Non-cacheable: 12s 62ms
Write-back : 4s 551ms

We can see that the time increased for non-cacheable mode and remained the same for cacheable mode.

When ‘write-allocate’ is better to use?

Let’s use the following test to simulate this situation:

for (i = 0; i < ITERS * BLOCKS; i++) {
for (j = 0; j < BLOCK_LEN; j++) {
arr[j + 0 ] = VALUE;
***
arr[j + 7 ] = VALUE;
arr[j + 8 ] = arr[i % 1024 + (j % 256) * 128];
arr[j + 9 ] = VALUE;
***
arr[j + 15 ] = VALUE;
}
}

In this example 15 from 16 write operations set up VALUE constant, while read operations access other memory cells. So only read elements are cached when ‘no write allocate’ mode is used. Array index “(i % 1024 + (j % 256) * 128)” is used to decrease SDRAM performance making accesses sparse.

Results:

Write-back                  : 4s 720ms
Write-back no write allocate: 4s 888ms

When ‘no-write-allocate’ is better to use?

In the following test, I prepared ‘arr_wr’ 64kB array for writing and ‘arr_rd’ 4kB array for reading. Because write operations are made to sparse and non-sequential addresses, cache allocations would happen each time when write happened so it would be an excess operation. Therefore ‘no write allocate’ strategy has to work faster.

for (i = 0; i < ITERS * BLOCKS; i++) {
for (j = 0; j < BLOCK_LEN; j++) {
arr_wr[i * BLOCK_LEN ] = arr_rd[j + 0 ];
arr_wr[i * BLOCK_LEN + j*32 + 1 ] = arr_rd[j + 1 ];
arr_wr[i * BLOCK_LEN + j*64 + 2 ] = arr_rd[j + 2 ];
arr_wr[i * BLOCK_LEN + j*128 + 3] = arr_rd[j + 3 ];
arr_wr[i * BLOCK_LEN + j*32 + 4 ] = arr_rd[j + 4 ];
***
arr_wr[i * BLOCK_LEN + j*32 + 15] = arr_rd[j + 15 ];
}
}

Results:

Write-back                  : 7s 601ms
Write-back no write allocate: 7s 599ms

Great.
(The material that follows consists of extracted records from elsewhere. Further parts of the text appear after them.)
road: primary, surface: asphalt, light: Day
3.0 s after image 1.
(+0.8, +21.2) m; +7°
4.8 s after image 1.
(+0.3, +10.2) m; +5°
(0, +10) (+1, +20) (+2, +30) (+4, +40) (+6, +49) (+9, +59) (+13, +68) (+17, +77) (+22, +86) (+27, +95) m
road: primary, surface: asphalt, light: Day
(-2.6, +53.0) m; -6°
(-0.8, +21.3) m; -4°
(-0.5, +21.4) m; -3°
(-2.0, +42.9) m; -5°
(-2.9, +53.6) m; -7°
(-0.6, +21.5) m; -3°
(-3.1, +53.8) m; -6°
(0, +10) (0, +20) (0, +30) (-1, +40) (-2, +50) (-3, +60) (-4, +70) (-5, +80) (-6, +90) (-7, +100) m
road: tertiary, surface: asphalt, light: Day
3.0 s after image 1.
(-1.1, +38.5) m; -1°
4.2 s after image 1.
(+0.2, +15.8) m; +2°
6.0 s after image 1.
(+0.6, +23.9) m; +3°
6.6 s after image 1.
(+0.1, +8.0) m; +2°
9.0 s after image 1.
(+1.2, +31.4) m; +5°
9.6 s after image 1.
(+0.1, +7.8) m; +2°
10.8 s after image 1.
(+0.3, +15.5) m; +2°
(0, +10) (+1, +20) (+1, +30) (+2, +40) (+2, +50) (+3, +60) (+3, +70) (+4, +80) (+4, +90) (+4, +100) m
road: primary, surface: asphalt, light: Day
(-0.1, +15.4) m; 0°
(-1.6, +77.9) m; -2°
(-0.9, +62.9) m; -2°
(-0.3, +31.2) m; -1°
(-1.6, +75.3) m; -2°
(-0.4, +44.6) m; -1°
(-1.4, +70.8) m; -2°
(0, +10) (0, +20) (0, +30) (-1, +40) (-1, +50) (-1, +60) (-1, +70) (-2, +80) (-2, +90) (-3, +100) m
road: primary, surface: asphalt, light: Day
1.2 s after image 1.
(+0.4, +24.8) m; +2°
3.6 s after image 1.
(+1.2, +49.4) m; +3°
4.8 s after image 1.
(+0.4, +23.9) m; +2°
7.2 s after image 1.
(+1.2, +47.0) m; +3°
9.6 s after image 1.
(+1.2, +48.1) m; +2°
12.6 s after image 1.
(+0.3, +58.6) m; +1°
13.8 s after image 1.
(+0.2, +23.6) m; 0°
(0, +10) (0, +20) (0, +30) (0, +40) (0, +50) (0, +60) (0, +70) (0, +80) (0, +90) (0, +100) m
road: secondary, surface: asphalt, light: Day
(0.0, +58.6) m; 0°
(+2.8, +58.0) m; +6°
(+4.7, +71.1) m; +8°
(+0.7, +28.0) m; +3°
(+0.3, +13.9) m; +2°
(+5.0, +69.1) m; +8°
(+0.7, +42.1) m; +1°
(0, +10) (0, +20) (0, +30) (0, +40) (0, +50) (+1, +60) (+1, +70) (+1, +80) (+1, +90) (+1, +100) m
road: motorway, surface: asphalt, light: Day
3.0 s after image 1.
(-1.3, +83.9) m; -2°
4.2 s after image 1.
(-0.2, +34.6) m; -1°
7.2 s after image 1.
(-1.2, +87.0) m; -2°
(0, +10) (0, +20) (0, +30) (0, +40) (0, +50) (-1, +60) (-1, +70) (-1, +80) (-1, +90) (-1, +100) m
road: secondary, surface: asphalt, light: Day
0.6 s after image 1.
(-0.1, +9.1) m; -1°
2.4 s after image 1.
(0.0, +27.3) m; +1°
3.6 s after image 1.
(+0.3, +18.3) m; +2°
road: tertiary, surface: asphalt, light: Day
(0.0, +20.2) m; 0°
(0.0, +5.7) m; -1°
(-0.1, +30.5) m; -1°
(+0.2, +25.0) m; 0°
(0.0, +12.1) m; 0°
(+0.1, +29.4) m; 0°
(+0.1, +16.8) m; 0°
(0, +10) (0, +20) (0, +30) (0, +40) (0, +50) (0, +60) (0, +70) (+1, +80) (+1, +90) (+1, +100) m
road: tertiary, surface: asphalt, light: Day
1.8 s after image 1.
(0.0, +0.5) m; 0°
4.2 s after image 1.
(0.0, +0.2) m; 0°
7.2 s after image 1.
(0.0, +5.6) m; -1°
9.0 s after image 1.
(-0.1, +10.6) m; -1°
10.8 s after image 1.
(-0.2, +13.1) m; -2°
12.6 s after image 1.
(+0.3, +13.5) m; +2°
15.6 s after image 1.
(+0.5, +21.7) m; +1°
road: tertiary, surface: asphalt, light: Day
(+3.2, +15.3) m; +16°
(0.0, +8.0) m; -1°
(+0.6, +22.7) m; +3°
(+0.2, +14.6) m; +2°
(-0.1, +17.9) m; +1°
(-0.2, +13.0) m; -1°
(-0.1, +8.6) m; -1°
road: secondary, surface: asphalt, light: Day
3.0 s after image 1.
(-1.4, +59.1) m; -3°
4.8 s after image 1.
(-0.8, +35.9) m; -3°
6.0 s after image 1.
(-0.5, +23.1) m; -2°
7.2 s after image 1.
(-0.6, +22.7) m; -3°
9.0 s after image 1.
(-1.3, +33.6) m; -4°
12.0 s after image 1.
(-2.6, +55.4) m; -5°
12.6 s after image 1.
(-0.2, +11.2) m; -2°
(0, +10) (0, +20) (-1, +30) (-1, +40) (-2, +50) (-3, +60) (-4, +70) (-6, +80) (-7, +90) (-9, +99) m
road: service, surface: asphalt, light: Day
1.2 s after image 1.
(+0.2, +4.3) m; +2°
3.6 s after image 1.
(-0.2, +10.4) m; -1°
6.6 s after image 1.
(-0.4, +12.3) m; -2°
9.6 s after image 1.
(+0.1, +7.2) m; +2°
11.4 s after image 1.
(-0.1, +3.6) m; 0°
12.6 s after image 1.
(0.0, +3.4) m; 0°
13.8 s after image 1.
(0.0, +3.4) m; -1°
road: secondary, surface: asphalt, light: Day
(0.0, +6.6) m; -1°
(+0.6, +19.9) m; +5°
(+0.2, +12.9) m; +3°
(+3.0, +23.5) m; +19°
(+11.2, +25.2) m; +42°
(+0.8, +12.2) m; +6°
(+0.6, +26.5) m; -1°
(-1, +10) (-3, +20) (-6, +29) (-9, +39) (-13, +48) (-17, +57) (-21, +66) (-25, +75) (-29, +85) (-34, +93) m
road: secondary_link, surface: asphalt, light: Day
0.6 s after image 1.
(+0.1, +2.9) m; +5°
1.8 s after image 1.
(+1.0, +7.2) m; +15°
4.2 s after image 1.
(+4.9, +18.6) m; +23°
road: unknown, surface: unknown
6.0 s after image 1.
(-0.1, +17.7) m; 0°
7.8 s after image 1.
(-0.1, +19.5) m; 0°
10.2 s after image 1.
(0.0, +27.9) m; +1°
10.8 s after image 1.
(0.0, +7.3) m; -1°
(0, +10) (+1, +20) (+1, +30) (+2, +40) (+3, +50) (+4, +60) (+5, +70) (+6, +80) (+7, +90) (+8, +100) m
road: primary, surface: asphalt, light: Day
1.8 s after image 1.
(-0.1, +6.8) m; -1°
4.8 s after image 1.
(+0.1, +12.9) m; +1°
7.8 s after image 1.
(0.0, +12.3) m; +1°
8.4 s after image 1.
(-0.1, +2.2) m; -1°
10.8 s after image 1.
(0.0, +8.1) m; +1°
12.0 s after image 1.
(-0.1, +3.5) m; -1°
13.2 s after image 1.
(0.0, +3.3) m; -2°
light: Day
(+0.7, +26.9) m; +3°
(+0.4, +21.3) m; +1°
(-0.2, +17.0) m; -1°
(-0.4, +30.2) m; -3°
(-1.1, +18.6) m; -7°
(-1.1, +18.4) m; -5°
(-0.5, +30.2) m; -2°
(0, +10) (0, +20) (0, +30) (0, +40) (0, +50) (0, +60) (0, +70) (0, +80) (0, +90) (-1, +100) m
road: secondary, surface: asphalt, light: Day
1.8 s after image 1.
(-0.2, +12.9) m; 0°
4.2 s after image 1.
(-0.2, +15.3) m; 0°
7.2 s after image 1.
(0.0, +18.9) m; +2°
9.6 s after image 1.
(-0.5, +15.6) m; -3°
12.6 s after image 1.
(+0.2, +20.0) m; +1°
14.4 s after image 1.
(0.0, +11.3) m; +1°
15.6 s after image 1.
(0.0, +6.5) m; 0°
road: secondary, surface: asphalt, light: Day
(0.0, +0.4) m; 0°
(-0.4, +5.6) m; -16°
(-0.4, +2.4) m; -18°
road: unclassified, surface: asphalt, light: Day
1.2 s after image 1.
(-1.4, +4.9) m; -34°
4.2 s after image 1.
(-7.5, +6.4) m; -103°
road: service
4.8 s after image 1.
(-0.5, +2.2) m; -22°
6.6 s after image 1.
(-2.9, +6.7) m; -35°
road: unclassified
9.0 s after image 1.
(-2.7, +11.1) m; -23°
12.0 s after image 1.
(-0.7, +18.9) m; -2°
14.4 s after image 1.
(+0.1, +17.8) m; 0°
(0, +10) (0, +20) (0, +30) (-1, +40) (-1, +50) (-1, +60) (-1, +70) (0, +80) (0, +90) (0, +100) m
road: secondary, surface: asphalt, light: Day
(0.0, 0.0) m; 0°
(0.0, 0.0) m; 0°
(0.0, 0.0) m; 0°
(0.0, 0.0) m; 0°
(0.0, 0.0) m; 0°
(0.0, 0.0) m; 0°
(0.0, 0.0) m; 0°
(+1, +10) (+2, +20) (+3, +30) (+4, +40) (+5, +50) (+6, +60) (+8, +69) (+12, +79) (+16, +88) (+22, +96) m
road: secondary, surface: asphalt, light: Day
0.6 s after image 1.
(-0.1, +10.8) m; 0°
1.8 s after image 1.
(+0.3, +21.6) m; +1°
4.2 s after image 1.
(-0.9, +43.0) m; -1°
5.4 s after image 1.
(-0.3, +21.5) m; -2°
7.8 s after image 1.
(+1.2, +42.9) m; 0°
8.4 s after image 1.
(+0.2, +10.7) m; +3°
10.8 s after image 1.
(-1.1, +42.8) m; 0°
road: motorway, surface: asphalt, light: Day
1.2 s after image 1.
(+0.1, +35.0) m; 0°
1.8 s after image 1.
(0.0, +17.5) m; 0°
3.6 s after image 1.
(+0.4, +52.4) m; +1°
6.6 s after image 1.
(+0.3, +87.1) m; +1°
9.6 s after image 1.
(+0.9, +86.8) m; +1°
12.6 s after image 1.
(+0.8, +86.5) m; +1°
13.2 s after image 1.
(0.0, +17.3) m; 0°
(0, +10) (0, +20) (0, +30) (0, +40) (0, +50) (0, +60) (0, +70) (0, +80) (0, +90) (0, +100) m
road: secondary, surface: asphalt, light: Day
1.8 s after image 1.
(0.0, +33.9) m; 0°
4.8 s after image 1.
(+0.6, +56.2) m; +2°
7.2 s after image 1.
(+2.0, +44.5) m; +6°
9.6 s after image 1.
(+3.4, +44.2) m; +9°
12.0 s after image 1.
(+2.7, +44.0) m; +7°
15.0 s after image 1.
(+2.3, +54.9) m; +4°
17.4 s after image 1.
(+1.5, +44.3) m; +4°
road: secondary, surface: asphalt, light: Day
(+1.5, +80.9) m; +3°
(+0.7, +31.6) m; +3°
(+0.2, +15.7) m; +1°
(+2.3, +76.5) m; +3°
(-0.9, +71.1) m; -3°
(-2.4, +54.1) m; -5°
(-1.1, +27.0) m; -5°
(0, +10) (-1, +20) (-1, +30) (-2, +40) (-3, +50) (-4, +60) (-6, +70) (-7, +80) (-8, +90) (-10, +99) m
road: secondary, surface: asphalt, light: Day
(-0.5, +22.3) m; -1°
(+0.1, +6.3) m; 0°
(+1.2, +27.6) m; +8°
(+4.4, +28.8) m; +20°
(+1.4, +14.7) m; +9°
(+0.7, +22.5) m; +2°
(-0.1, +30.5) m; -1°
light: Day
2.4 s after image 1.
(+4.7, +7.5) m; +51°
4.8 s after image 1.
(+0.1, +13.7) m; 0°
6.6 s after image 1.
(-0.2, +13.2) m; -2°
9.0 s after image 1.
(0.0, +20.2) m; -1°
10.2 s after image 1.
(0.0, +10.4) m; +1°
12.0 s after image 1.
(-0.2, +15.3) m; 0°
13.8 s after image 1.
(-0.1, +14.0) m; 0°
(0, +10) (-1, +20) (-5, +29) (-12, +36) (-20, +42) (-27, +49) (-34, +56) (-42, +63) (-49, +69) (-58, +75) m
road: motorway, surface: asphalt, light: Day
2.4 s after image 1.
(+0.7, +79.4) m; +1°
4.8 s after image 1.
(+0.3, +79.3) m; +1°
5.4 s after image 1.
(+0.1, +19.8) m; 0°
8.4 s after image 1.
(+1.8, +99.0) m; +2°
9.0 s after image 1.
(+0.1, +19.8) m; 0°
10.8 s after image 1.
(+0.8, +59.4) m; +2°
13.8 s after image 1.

We have found a situation when ‘no write allocate’ a little faster.

Real-world applications with and without CPU caches

PING

Non-cachable :  ~0.246 sec
Write-back : ~0.140 sec

OpenCV

Code:

gettimeofday(&tv_start, NULL);cedge.create(image.size(), image.type());
cvtColor(image, gray, COLOR_BGR2GRAY);
blur(gray, edge, Size(3,3));
Canny(edge, edge, edgeThresh, edgeThresh*3, 3);
cedge = Scalar::all(0);
image.copyTo(cedge, edge);gettimeofday(&tv_cur, NULL);
timersub(&tv_cur, &tv_start, &tv_cur);

Results without caches:

> edges fruits.png 20
Processing time 0s 926ms
Framebuffer: 800x480 32bpp
Image: 512x269; Threshold=20

Results with ‘write-back’:

> edges fruits.png 20
Processing time 0s 134ms
Framebuffer: 800x480 32bpp
Image: 512x269; Threshold=20

926ms vs 134ms! Performance increased by almost 7 times with caches enabled.

Conclusion

We considered different strategies for memory management. Good memory management strongly influences common system performance.

You can reproduce all examples described in the article from our repo on GitHub.